= Aim of the exercise =
Please write out exactly the lines of the data below from the line holding "#22 = AXIS2_PLACEMENT_3D" through the line holding "#757 = VERTEX_POINT ( 'NONE', #288 ) ;", and leave out the rest.

= Beginning of Section =

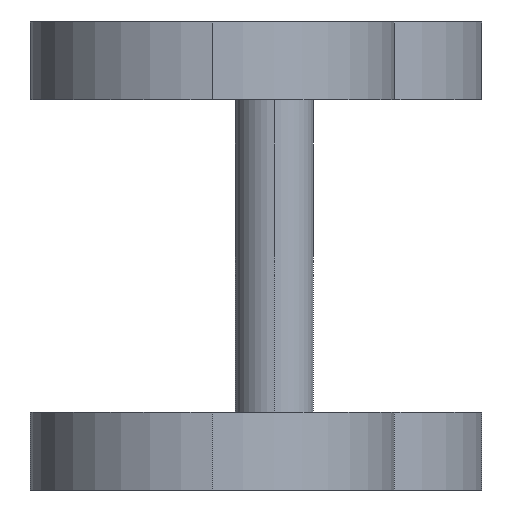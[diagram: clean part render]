
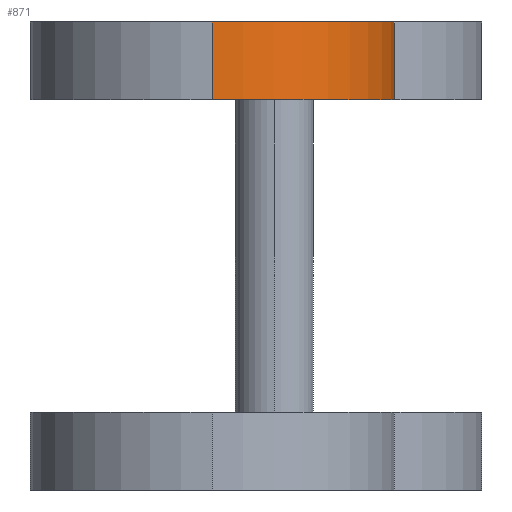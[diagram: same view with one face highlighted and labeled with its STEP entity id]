
A CAD part, left-side view. The second image highlights one B-rep face of the part: STEP entity #871.
In plain terms, the highlighted cylindrical face has radius 7 mm (diameter 14 mm), a partial arc.
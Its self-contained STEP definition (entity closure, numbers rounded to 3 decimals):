
#22 = AXIS2_PLACEMENT_3D ( 'NONE', #1148, #1121, #1308 ) ;
#30 = VERTEX_POINT ( 'NONE', #1303 ) ;
#93 = VECTOR ( 'NONE', #1442, 1000. ) ;
#107 = ORIENTED_EDGE ( 'NONE', *, *, #742, .T. ) ;
#119 = DIRECTION ( 'NONE',  ( 0., 0., -1. ) ) ;
#260 = AXIS2_PLACEMENT_3D ( 'NONE', #602, #1403, #363 ) ;
#269 = CARTESIAN_POINT ( 'NONE',  ( -23.323, 35.58, -19.786 ) ) ;
#288 = CARTESIAN_POINT ( 'NONE',  ( -10.428, 31.805, -19.786 ) ) ;
#361 = EDGE_CURVE ( 'NONE', #1288, #30, #699, .T. ) ;
#363 = DIRECTION ( 'NONE',  ( 1., 0., 0. ) ) ;
#592 = EDGE_CURVE ( 'NONE', #1074, #757, #1232, .T. ) ;
#602 = CARTESIAN_POINT ( 'NONE',  ( -16.323, 35.58, -19.786 ) ) ;
#656 = DIRECTION ( 'NONE',  ( -1., 0., 0. ) ) ;
#699 = CIRCLE ( 'NONE', #22, 7. ) ;
#742 = EDGE_CURVE ( 'NONE', #1074, #1288, #753, .T. ) ;
#753 = LINE ( 'NONE', #269, #93 ) ;
#754 = CARTESIAN_POINT ( 'NONE',  ( -16.323, 35.58, -19.786 ) ) ;
#757 = VERTEX_POINT ( 'NONE', #288 ) ;
#762 = ORIENTED_EDGE ( 'NONE', *, *, #1287, .F. ) ;
#783 = VECTOR ( 'NONE', #119, 1000. ) ;
#815 = CARTESIAN_POINT ( 'NONE',  ( -10.428, 31.805, -19.786 ) ) ;
#818 = AXIS2_PLACEMENT_3D ( 'NONE', #754, #1334, #656 ) ;
#871 = ADVANCED_FACE ( 'NONE', ( #1046 ), #1188, .T. ) ;
#934 = ORIENTED_EDGE ( 'NONE', *, *, #361, .T. ) ;
#1046 = FACE_OUTER_BOUND ( 'NONE', #1144, .T. ) ;
#1057 = CARTESIAN_POINT ( 'NONE',  ( -23.323, 35.58, -22.786 ) ) ;
#1074 = VERTEX_POINT ( 'NONE', #1345 ) ;
#1121 = DIRECTION ( 'NONE',  ( 0., 0., 1. ) ) ;
#1144 = EDGE_LOOP ( 'NONE', ( #1152, #107, #934, #762 ) ) ;
#1148 = CARTESIAN_POINT ( 'NONE',  ( -16.323, 35.58, -22.786 ) ) ;
#1152 = ORIENTED_EDGE ( 'NONE', *, *, #592, .F. ) ;
#1188 = CYLINDRICAL_SURFACE ( 'NONE', #818, 7. ) ;
#1232 = CIRCLE ( 'NONE', #260, 7. ) ;
#1287 = EDGE_CURVE ( 'NONE', #757, #30, #1398, .T. ) ;
#1288 = VERTEX_POINT ( 'NONE', #1057 ) ;
#1303 = CARTESIAN_POINT ( 'NONE',  ( -10.428, 31.805, -22.786 ) ) ;
#1308 = DIRECTION ( 'NONE',  ( 1., 0., 0. ) ) ;
#1334 = DIRECTION ( 'NONE',  ( 0., 0., -1. ) ) ;
#1345 = CARTESIAN_POINT ( 'NONE',  ( -23.323, 35.58, -19.786 ) ) ;
#1398 = LINE ( 'NONE', #815, #783 ) ;
#1403 = DIRECTION ( 'NONE',  ( 0., 0., 1. ) ) ;
#1442 = DIRECTION ( 'NONE',  ( 0., 0., -1. ) ) ;

= End of Section =

= Output for this task =
#22 = AXIS2_PLACEMENT_3D ( 'NONE', #1148, #1121, #1308 ) ;
#30 = VERTEX_POINT ( 'NONE', #1303 ) ;
#93 = VECTOR ( 'NONE', #1442, 1000. ) ;
#107 = ORIENTED_EDGE ( 'NONE', *, *, #742, .T. ) ;
#119 = DIRECTION ( 'NONE',  ( 0., 0., -1. ) ) ;
#260 = AXIS2_PLACEMENT_3D ( 'NONE', #602, #1403, #363 ) ;
#269 = CARTESIAN_POINT ( 'NONE',  ( -23.323, 35.58, -19.786 ) ) ;
#288 = CARTESIAN_POINT ( 'NONE',  ( -10.428, 31.805, -19.786 ) ) ;
#361 = EDGE_CURVE ( 'NONE', #1288, #30, #699, .T. ) ;
#363 = DIRECTION ( 'NONE',  ( 1., 0., 0. ) ) ;
#592 = EDGE_CURVE ( 'NONE', #1074, #757, #1232, .T. ) ;
#602 = CARTESIAN_POINT ( 'NONE',  ( -16.323, 35.58, -19.786 ) ) ;
#656 = DIRECTION ( 'NONE',  ( -1., 0., 0. ) ) ;
#699 = CIRCLE ( 'NONE', #22, 7. ) ;
#742 = EDGE_CURVE ( 'NONE', #1074, #1288, #753, .T. ) ;
#753 = LINE ( 'NONE', #269, #93 ) ;
#754 = CARTESIAN_POINT ( 'NONE',  ( -16.323, 35.58, -19.786 ) ) ;
#757 = VERTEX_POINT ( 'NONE', #288 ) ;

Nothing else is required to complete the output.